As ruby's source encoding, it should default to US-ASCII mode
and raise exception when it includes non ASCII.

> Thanks for the feedback.  I think it only helps ruby get better.
> Maybe another option is a command line switch like --binary_only
> (avoids all encodings, does only ASCII-8BIT) or make it so that
> setting Encoding.default_external and default_internal to ASCII-8BIT
> would have the same effect...
> Just thinking out loud.

Setting Encoding.default_external or LC_ALL=C and playing with UTF-8,
you may simulate what will happen.
Of course it needs some non ASCII sample texts.
Posted by "Martin J. Dürst" <duerst@it.aoyama.ac.jp> (Guest)
on 2010-11-16 02:52
(Received via mailing list)
Hello Roger,

On 2010/11/16 2:03, Roger Pack wrote:
> operation result in binary...)
No, as Yui explained.

>> This will hide unexpectedly mixed BINARY string.
>> You'll realize hard to debug such strings.
>
> True hard to debug if several different encodings are merged.  Perhaps
> you could make it "opt-in" to use this universal encoding proposed?

If you mean "BINARY" by universal encoding, then that would indeed have
to be a heavily guarded opt-in. I'm not sure why you want everything to
be BINARY, and every string in another encoding to combine easily with
BINARY.

Going back to 1.8 and solving the encoding problems isn't the same
thing. Just using BINARY in most cases is just GIGO (garbage in, garbage
out) [unless the only thing you are doing is to actually manipulate
binary data, which exists but is rather rare (and in that case, just
declaring your input files,... to be BINARY is the right way to go)].
Such programs will pass tests, but they won't actually work they way
they are intended to work, because encodings may easily be mixed up. You
may get very much the same results, the programs may work with data that
is all or mostly ASCII, but then in circumstances where there is lots of
data beyond ASCII, it will produce garbage.

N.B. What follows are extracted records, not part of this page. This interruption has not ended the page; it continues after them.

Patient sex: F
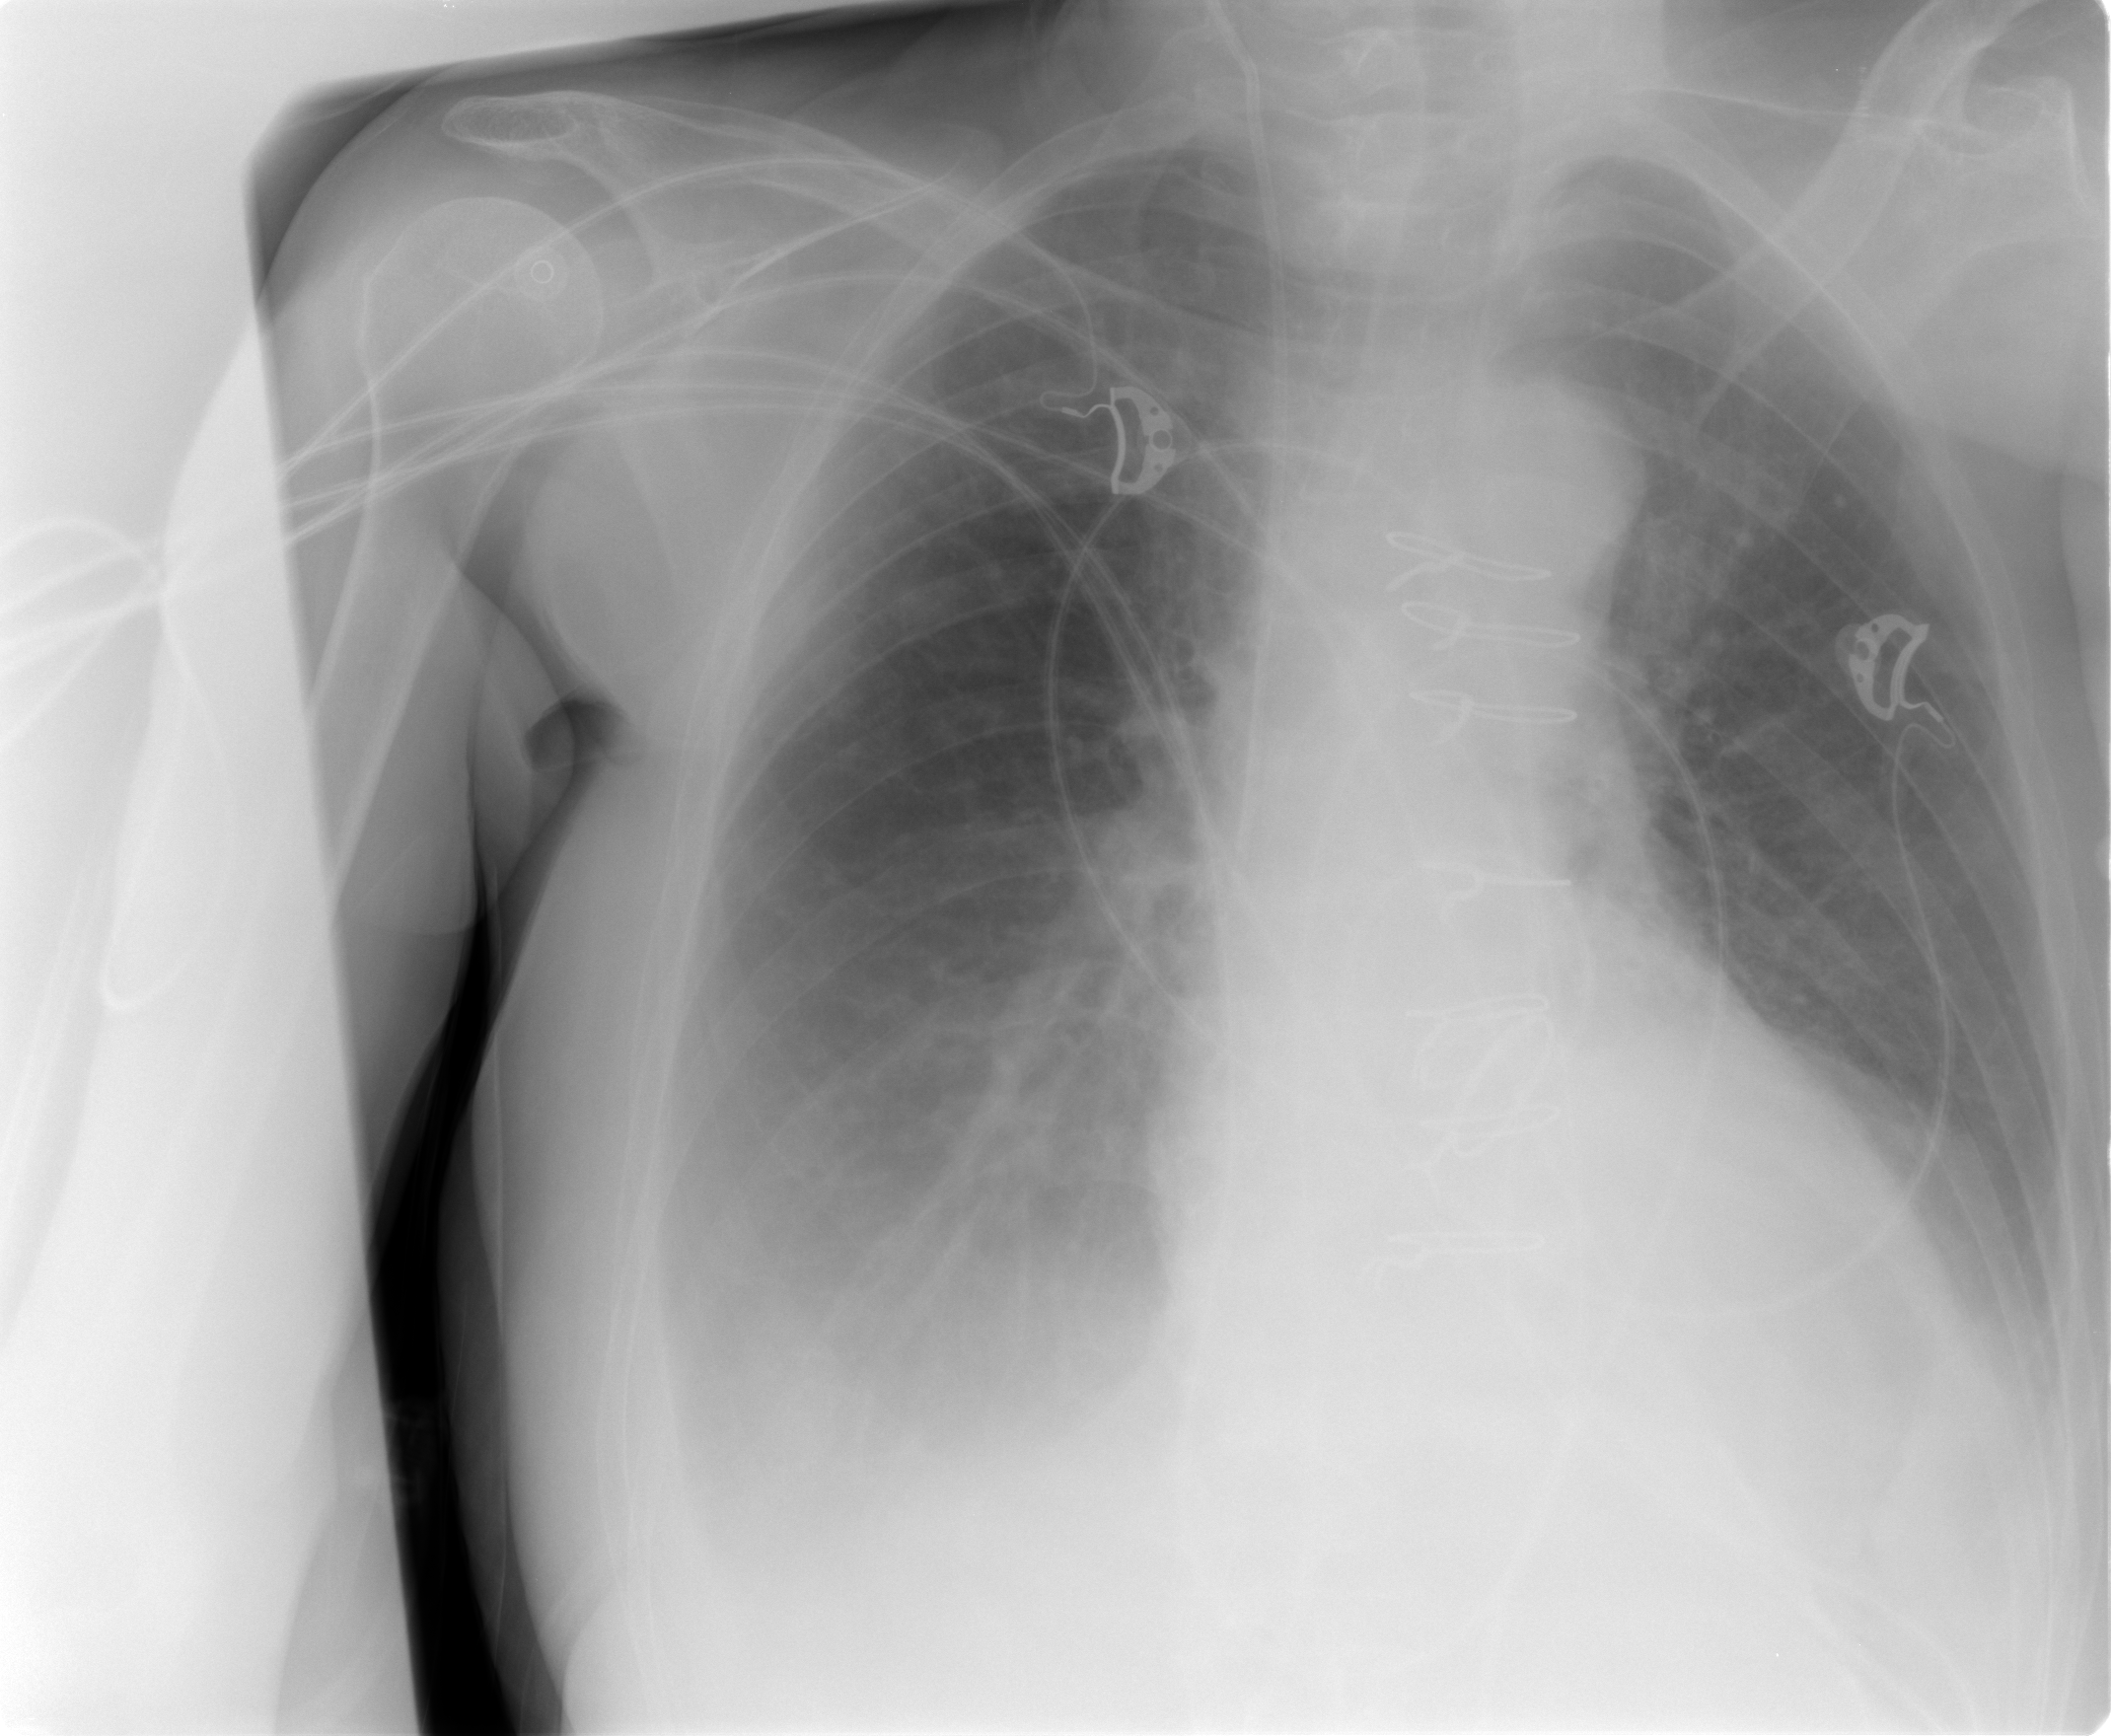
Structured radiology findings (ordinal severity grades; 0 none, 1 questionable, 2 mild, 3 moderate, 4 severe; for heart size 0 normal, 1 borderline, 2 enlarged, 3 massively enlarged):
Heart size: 1
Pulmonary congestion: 0
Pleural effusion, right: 2
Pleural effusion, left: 2
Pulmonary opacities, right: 2
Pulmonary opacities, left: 0
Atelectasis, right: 2
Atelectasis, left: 2
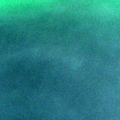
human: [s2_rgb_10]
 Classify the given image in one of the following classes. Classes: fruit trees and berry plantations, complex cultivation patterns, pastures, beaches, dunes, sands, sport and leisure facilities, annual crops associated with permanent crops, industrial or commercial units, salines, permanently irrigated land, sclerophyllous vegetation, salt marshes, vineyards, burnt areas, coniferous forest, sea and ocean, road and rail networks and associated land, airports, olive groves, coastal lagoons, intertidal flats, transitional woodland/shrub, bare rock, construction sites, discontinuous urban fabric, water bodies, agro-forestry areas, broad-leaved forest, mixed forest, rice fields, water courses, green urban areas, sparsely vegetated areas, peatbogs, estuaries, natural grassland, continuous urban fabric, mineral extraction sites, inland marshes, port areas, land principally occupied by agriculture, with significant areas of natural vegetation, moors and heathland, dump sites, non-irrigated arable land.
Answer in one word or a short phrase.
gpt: sea and ocean
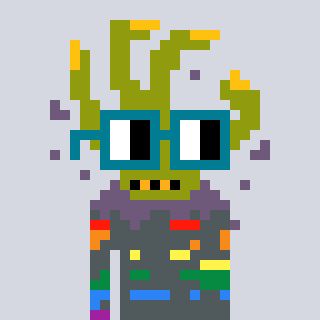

I think if we want to work towards improving what we currently have, we
might have to actually make the encoding checks more severe. One of the
main problems is that currently, ASCII data just works. This was done
because Matz and the others working on Ruby 1.9 didn't want to require
an encoding declaration at the start of every Ruby source file, and for
every file opening,..., and didn't want to upset the major user bases
too much.

One part of a solution might be a kind of "test mode", where checks are
stricter, but it would give you a greater probability that the program
would work in a wider range of production settings. Some of that might
be fairly easy. But the fact that US-ASCII and BINARY (==ASCII8BIT)
currently mix easily will need some very careful thought and work (it
has been discussed many times in great detail on ruby-dev). The short
summary of why US-ASCII and BINARY currently mix easily is that if you
want to check the magic number at the start of a GIF file, you want to
write that
    ~= /^GIF8/
and not
    ~= /^\x47\x49\x46\x38/b
(where the 'b', which I just invented, declares the regular expression
as binary, because it would otherwise still be US-ASCII (or whatever the
script encoding is)).

Another part of a solution is to come up with some test harness that
easily allows to check for a wide range of encoding circumstances.

Regards,   Martin.
Posted by James Tucker (Guest)
on 2010-11-16 17:04
Attachment: smime.p7s (3,59 KB)
(Received via mailing list)
On 31 Aug 2010, at 09:54, NARUSE, Yui wrote:

>> change it if they want something else.
> (almost always locale reflects terminal's encoding)
I think the biggest problem that is a real issue in this discussion is 
that irb crashes in unicode terminals on windows:

cmd /u
chcp 65001
ruby -e "puts Encoding.default_external"
UTF-8
irb # => crash

IRB has other bugs in this area, for example, irb assumes UTF-8 in all 
cases and doesn't use Encoding defaults.

192p0 mingw
Posted by Brian Candler (candlerb)
on 2010-11-17 13:06
(Received via mailing list)
NARUSE, Yui wrote on 2010-11-15 11:07:
> This is what Japanese people often say "Americans don't consider
> non-ASCII

Sure, many people want to handle non-ASCII text. But:

* I would consider all non-Unicode character sets to be legacy, do you
disagree?
* ruby 1.9's model doesn't handle stateful encodings like ISO-2022-JP,
so these need transcoding at the edge anyway
* hence why not just transcode everything that's not Unicode into 
Unicode?

I would choose UTF-8 as the internal Unicode representation, since the
majority of external Unicode data already UTF-8.  (*)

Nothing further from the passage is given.